Start of Block

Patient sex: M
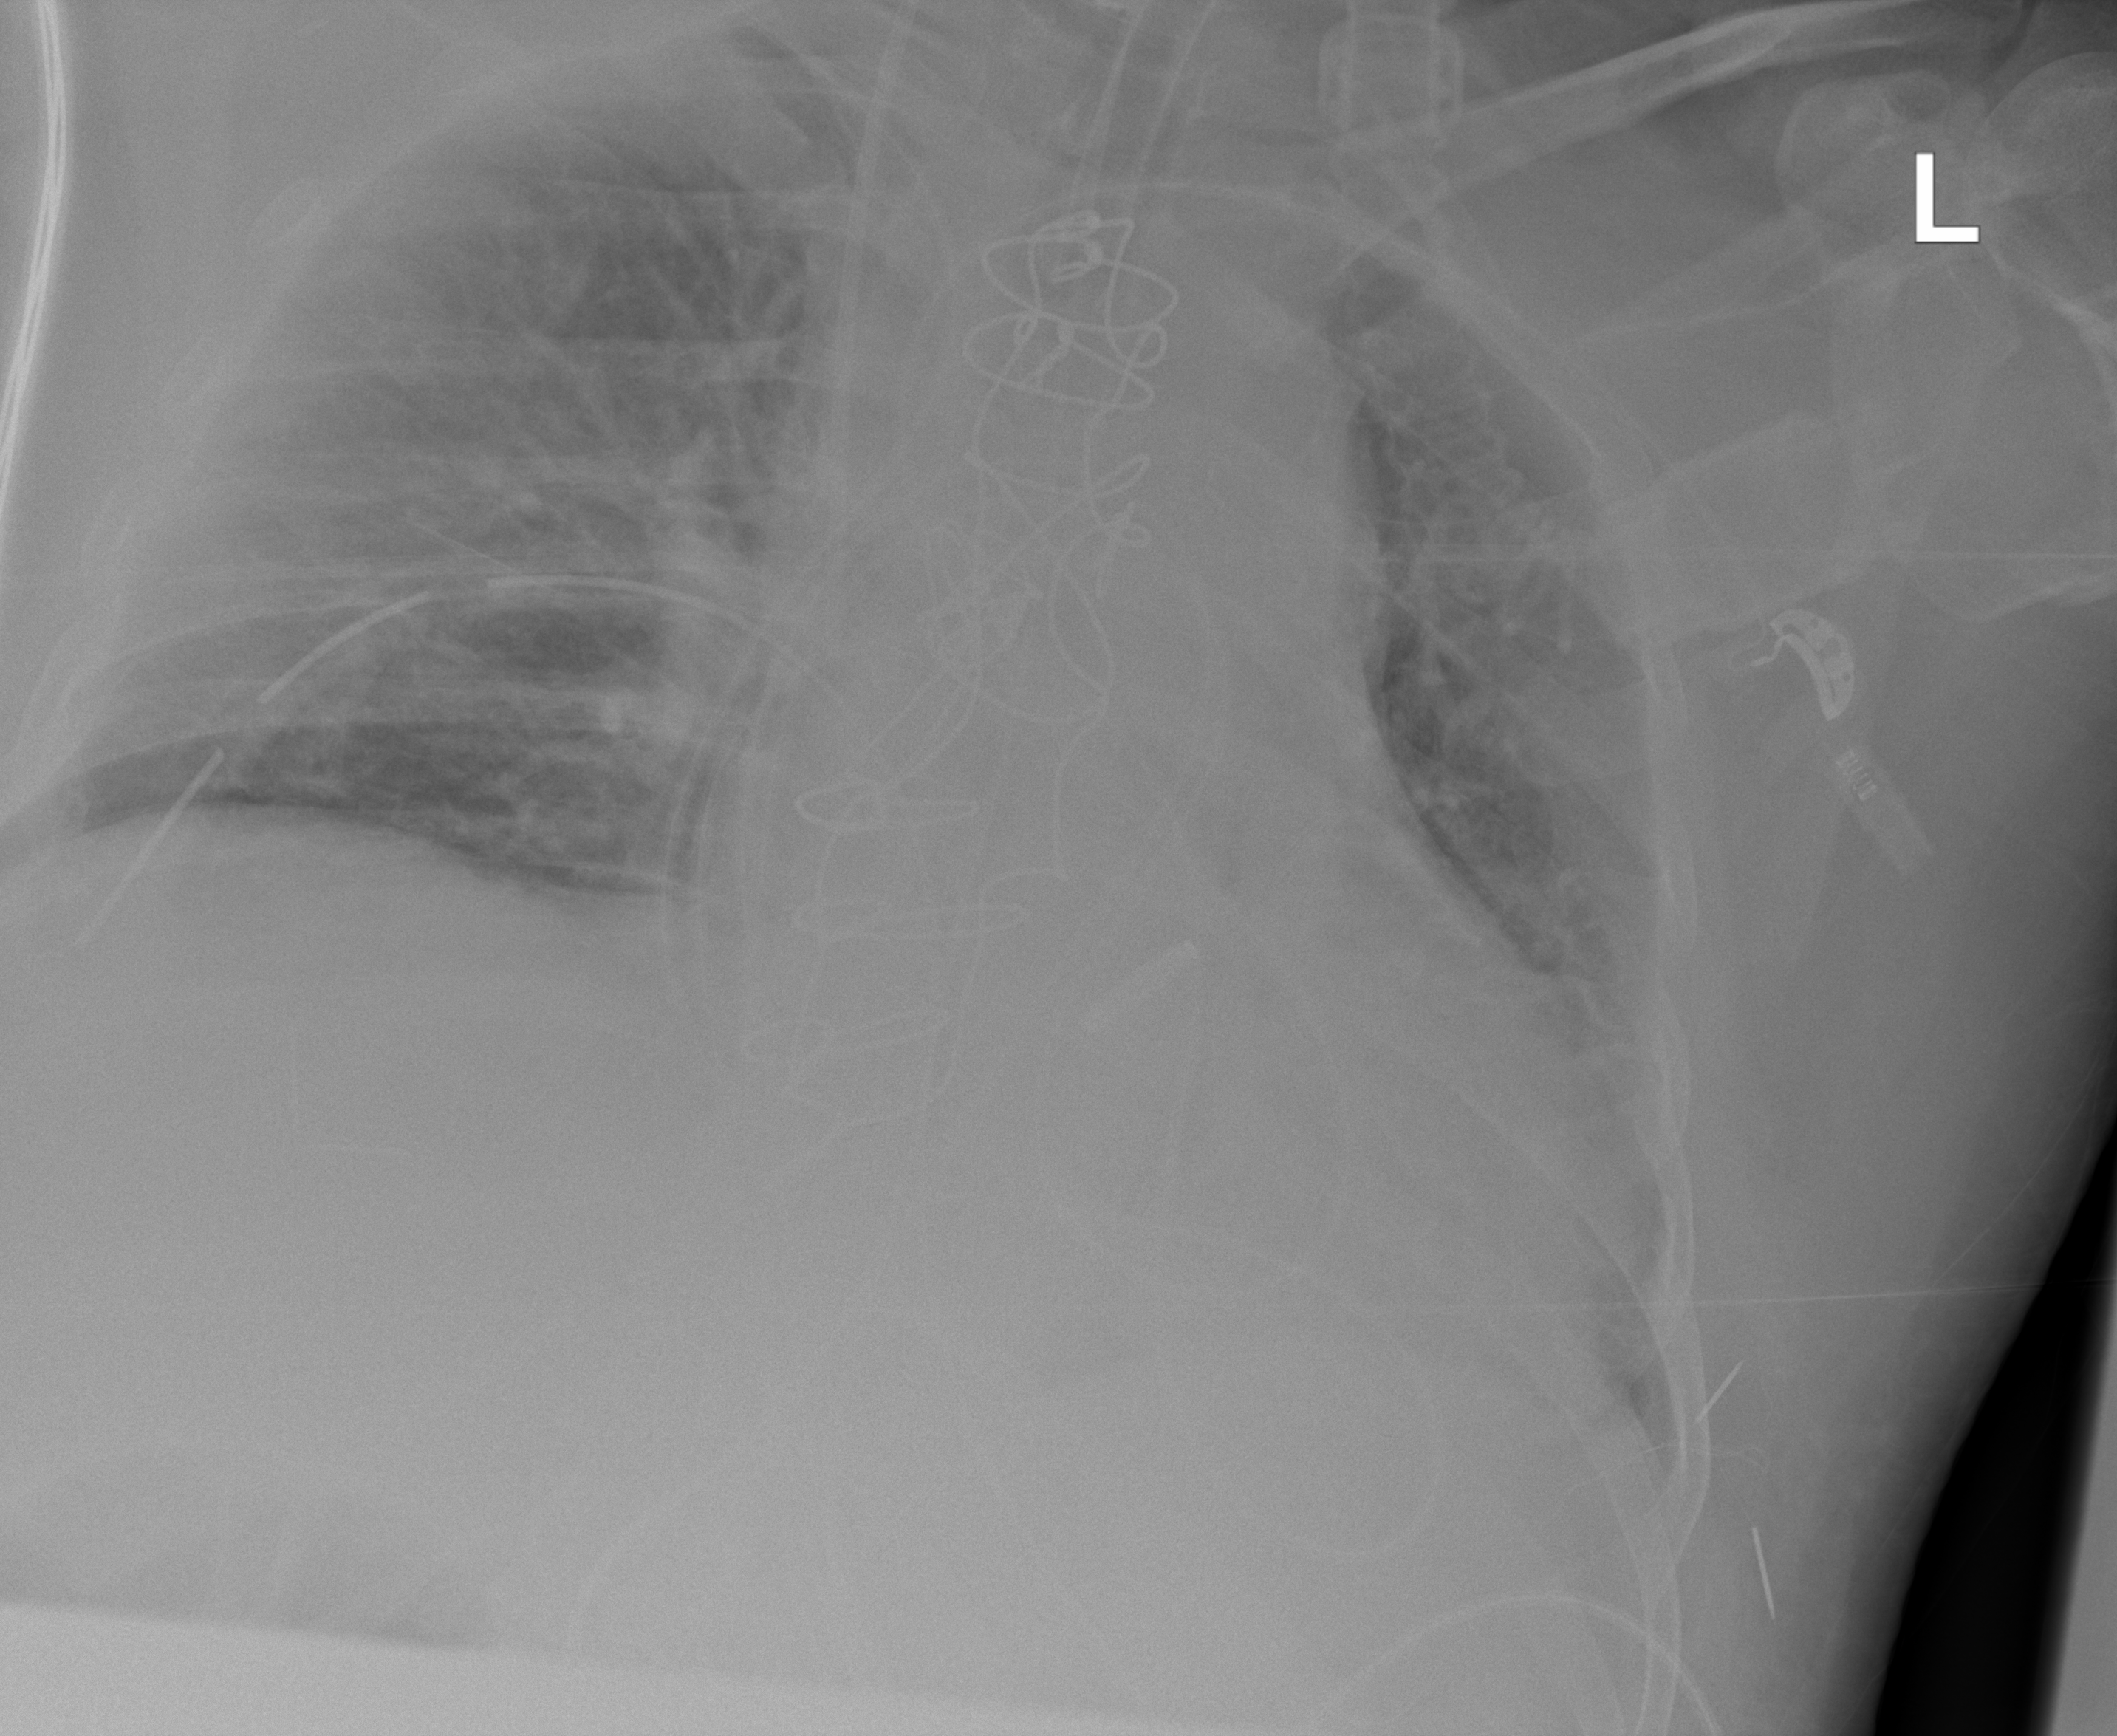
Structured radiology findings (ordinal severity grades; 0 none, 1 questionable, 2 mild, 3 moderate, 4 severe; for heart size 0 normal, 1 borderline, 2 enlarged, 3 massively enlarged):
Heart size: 2
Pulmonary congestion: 2
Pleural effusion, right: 0
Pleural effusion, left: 2
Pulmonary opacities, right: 2
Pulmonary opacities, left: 2
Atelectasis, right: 2
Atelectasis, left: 2

End of Block

Could you give the material above again, exactly and without its pictures?

▶ [Reply]:
Patient sex: M
Structured radiology findings (ordinal severity grades; 0 none, 1 questionable, 2 mild, 3 moderate, 4 severe; for heart size 0 normal, 1 borderline, 2 enlarged, 3 massively enlarged):
Heart size: 2
Pulmonary congestion: 2
Pleural effusion, right: 0
Pleural effusion, left: 2
Pulmonary opacities, right: 2
Pulmonary opacities, left: 2
Atelectasis, right: 2
Atelectasis, left: 2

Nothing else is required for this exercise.